Probably the hardest one yet. On one hand, I do understand what it’s like to feel my work isn’t REAL enough, y’know. On the other, I do like beating the living shit out of people. But on the third, I’m well used to taking money from rich people. In exchange for writing about games, yes, but it counts and isn’t modern serfdom in any way whatsoever.

A couple more choices – I went for an AK-47 for my birthday, as much like Weird War’s bequiffed revolutionary Ian Svenonius, I still believe in AK-47 – and the character is completed. In body. In mind, I need to be rebaptised for my life as a revolutionary, my first cry the slogan of our glorious Liberal Crime Squad movement.

Which takes us to the start of our campaign and the homeless shelter I call home.


Which is where we leave it. Next time: either recruiting sex-slaves or shooting lawful citizens, I suspect. No, really.


  1. Phil says:

    Are you planning to continue to apply real life experience to the roleplaying one and go for option R , ‘Review’ the liberals, possibly on a freelance basis?

    Also, shouldn’t this be ‘radical’ rather than ‘liberal’ crime squad?

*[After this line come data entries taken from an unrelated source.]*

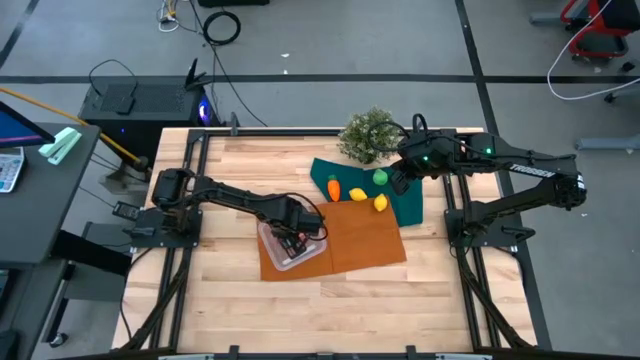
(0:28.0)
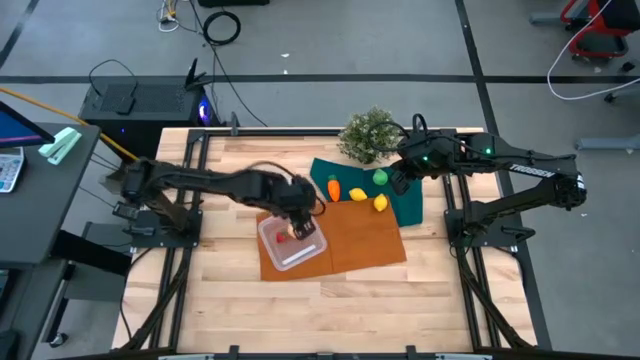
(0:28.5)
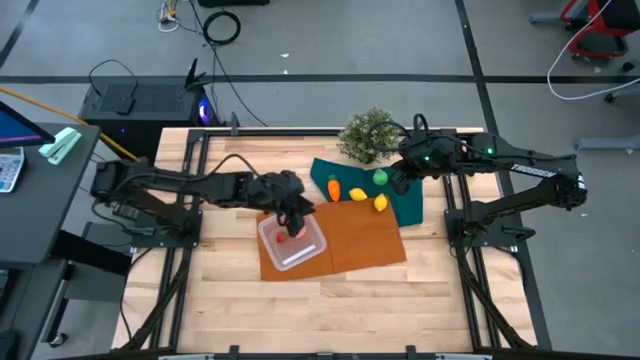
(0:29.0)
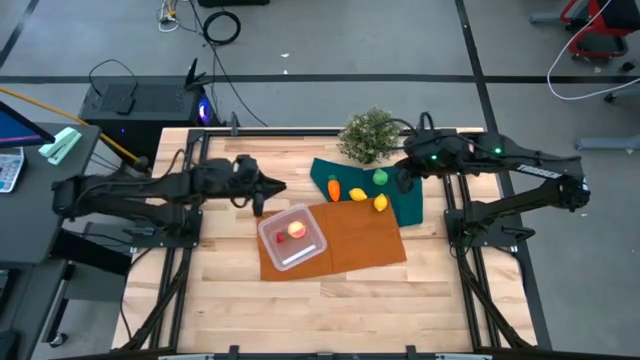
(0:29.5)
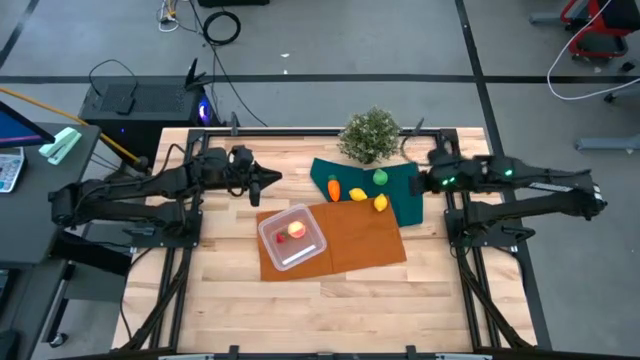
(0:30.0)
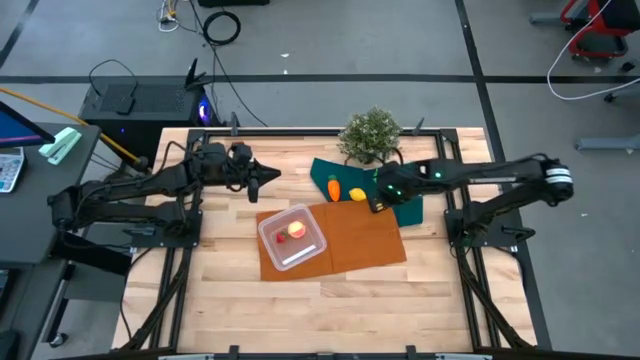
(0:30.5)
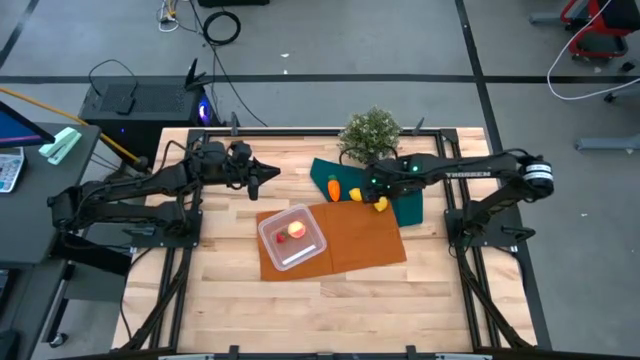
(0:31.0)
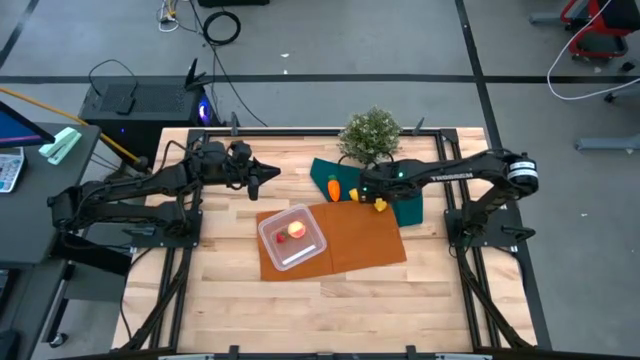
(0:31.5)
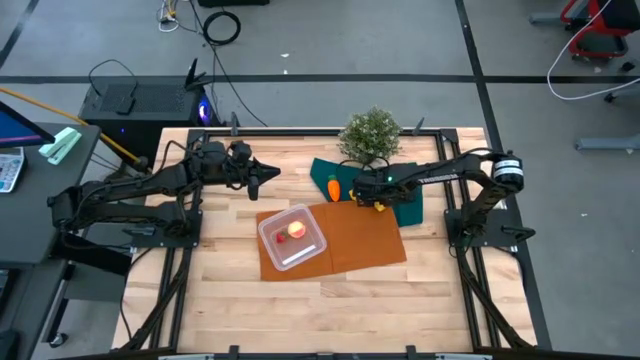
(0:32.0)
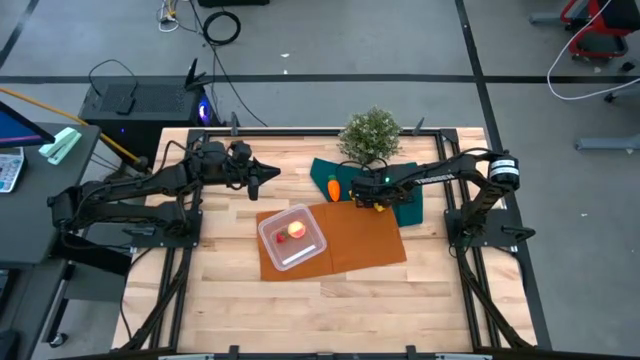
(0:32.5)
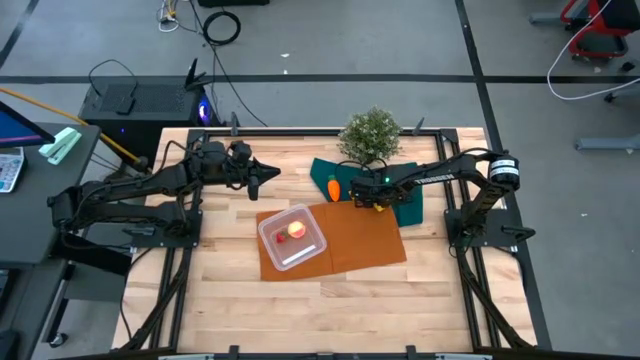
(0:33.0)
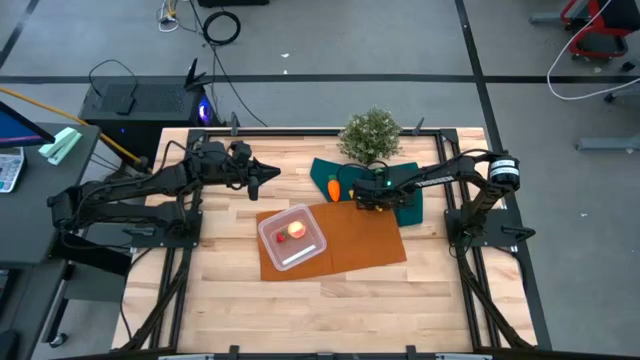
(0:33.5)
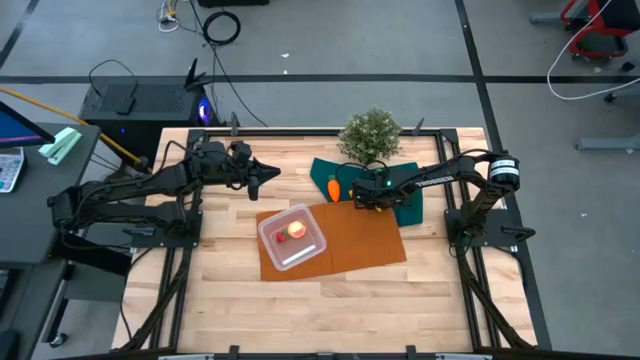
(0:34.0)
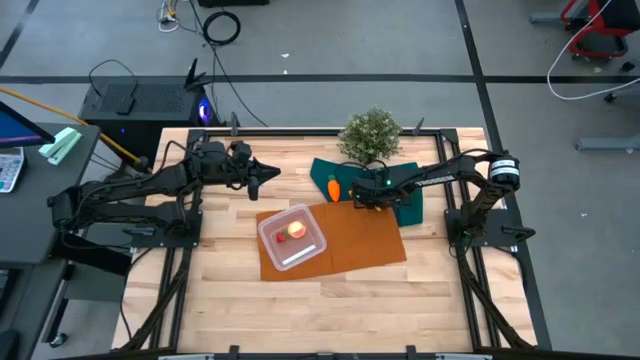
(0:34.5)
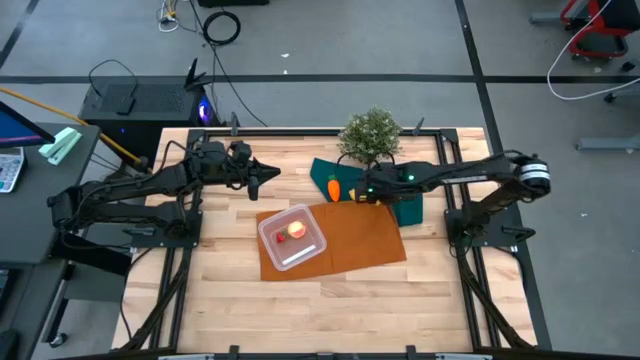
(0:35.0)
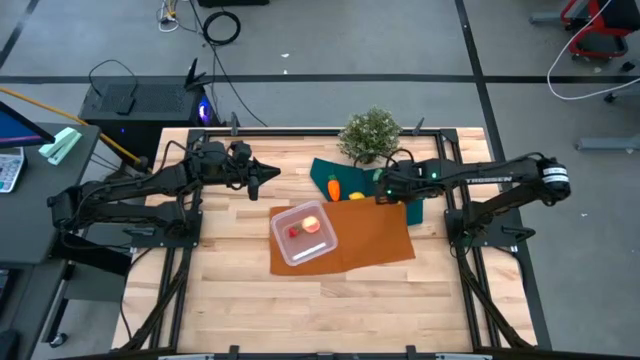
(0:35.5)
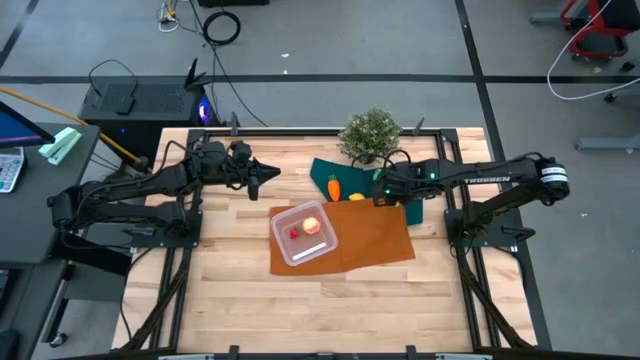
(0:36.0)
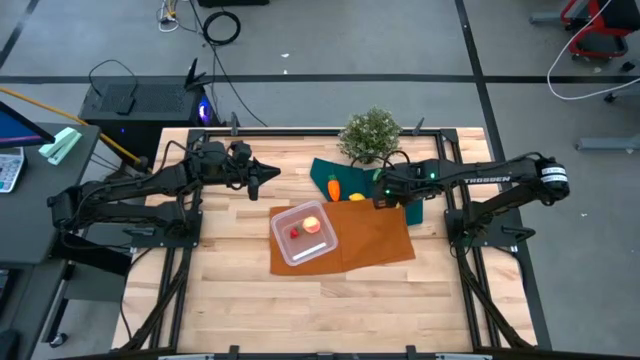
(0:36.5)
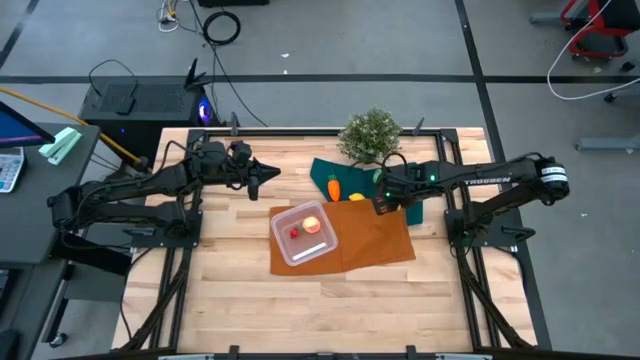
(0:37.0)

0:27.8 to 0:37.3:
Task: Pick and placing Produce into tupperware
Put the right yellow lemon into the transparent bin

Otherwise this depiction of liberals and lefties in general is disturbing close to the one espoused by Ann Coulter, though of course this one is tongue-in-cheek, the other is pepperspray-in-eyes.

  2. Nick says:

    I love the health reading. Is the game as complex as Dwarf Fortress? For I have yet to be able to completely work out how the hell to play that despite being a rogue-like player (and thus not afraid of numberous keypresses).

  3. malkav11 says:

    Nothing is as complex as Dwarf Fortress. But Liberal Crime Squad does have a lot of stuff going on and the interface is strikingly more user-friendly. …learning what the hell you should be doing to succeed is quite tough, on the other hand.

  4. Shinan says:

    The pick-up lines in this game are some of the best ever.

  5. Kieron Gillen says:

    Shinan: Next post, I suspect.


  6. Sam says:

    In related news, the new build of Dwarf Fortress is now out

  7. Nick says:

    Thanks malkav11, my main problem with Dwarf Fortress was I was always battling the interface rather than the bastard creatures invading my poorly thought out caverns or the perils of winter.

  8. Morte says:

    Nothing is as complex as Dwarf Fortress? You have evidently not tried to play Omega…now that made no blooming sense.

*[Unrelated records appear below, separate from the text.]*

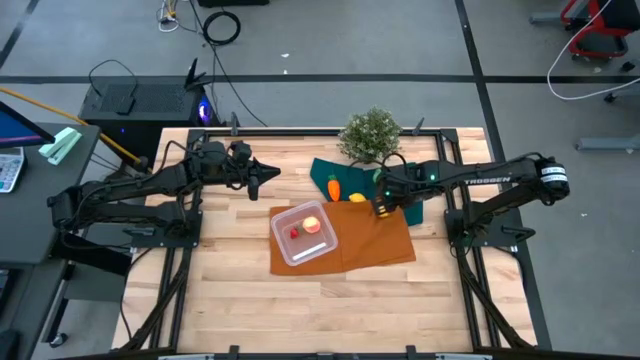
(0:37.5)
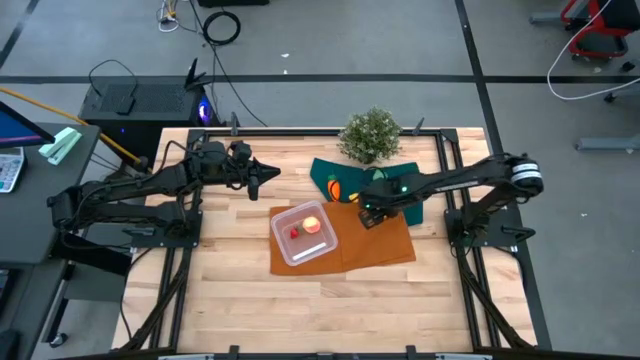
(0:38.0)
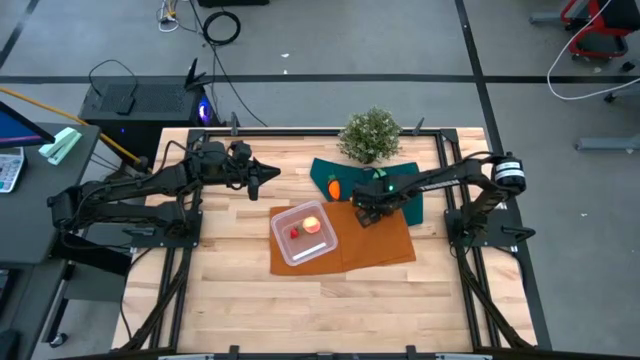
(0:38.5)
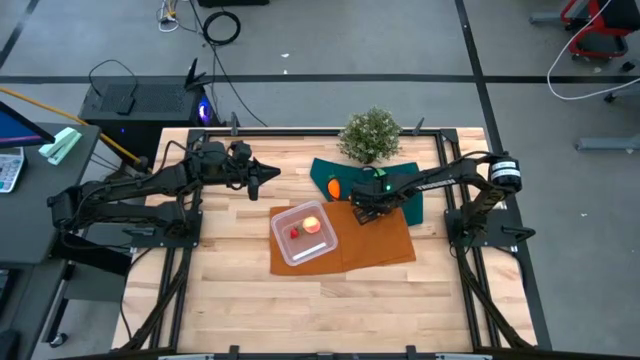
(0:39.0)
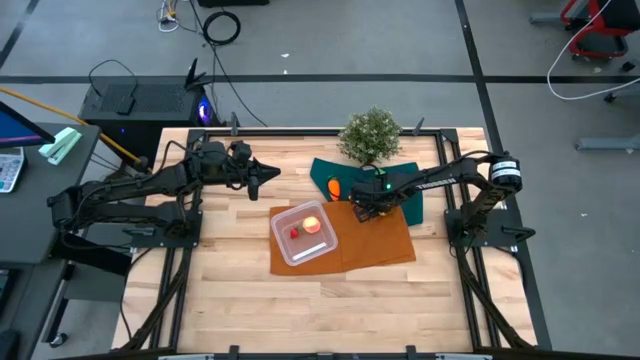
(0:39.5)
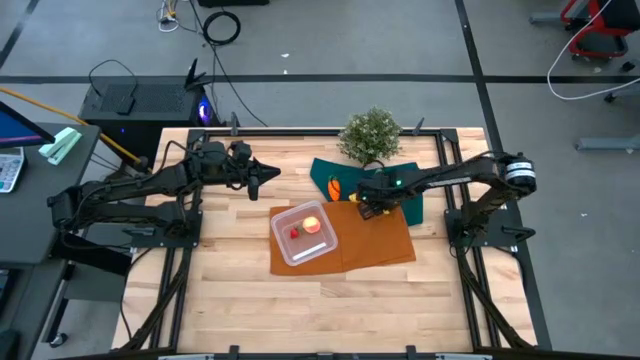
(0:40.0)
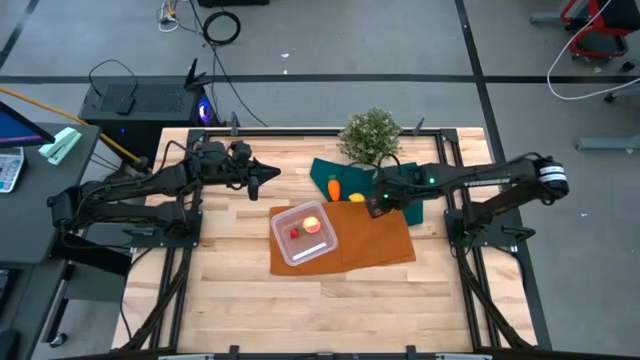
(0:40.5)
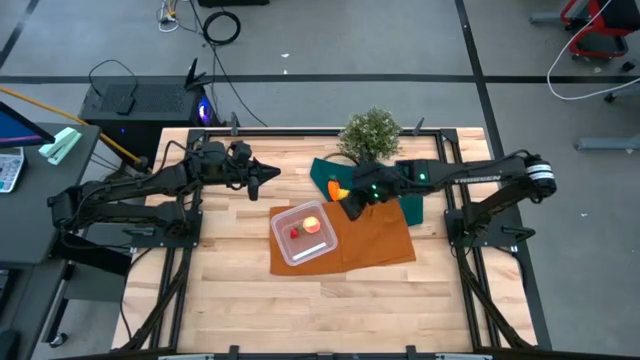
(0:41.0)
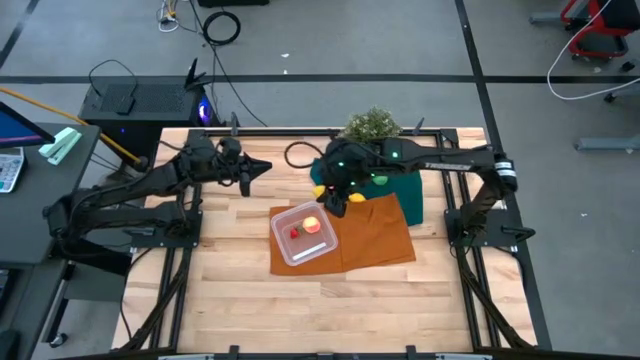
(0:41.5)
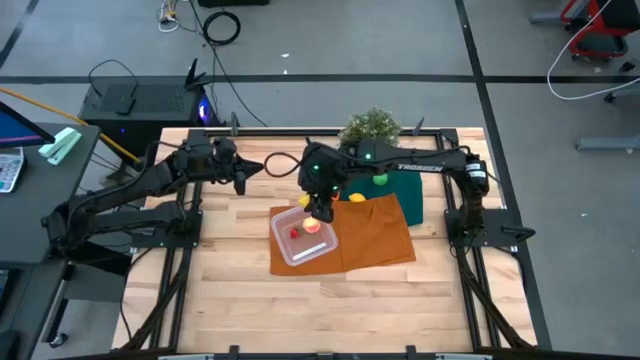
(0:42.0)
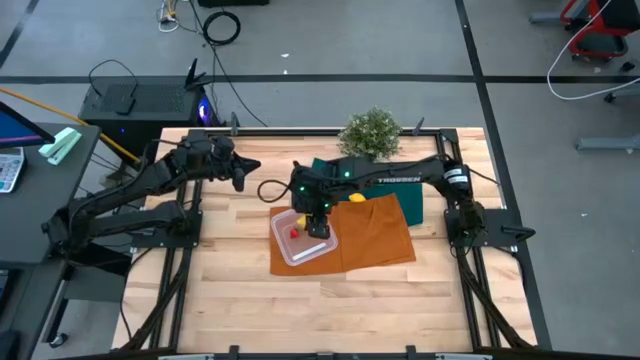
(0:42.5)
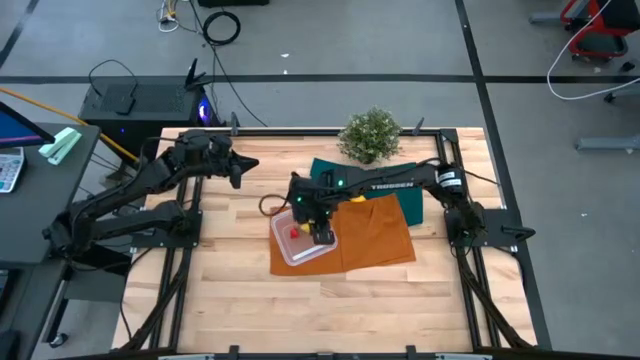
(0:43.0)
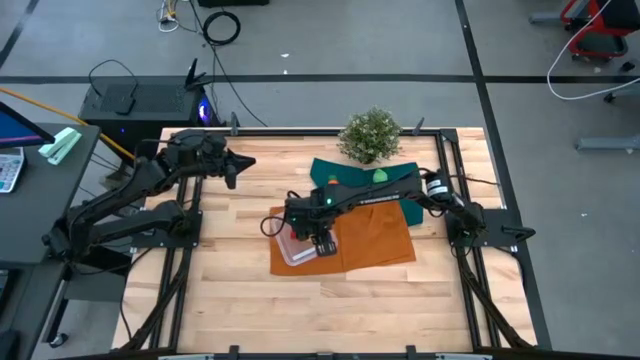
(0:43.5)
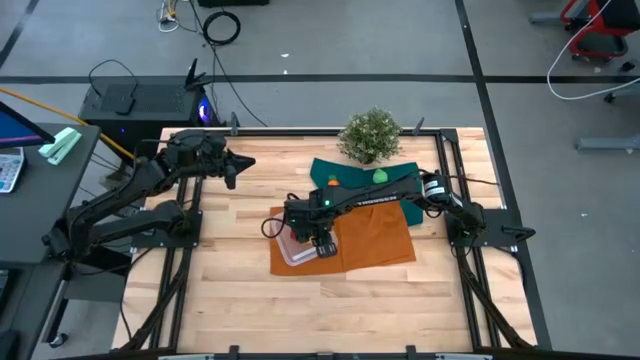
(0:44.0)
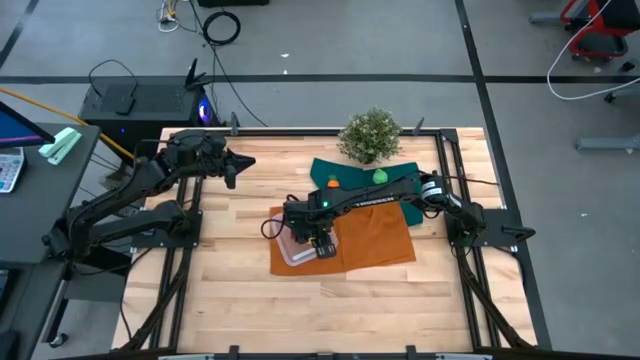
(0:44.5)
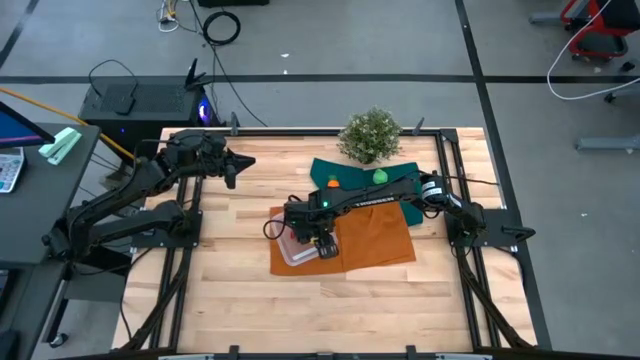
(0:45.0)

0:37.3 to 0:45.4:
Put the right yellow lemon into the transparent bin

    I shall try this Dwarf Fortress of which you speak just to see if it can replace Angband in my affections.

  9. malkav11 says:

    I wasn’t speaking of the interface. I was talking about (what I’ve heard of) the gameplay. The things that man can do with code…

    Of course, the interface is quite enough to scare me off even if it weren’t coupled with a learning cliff.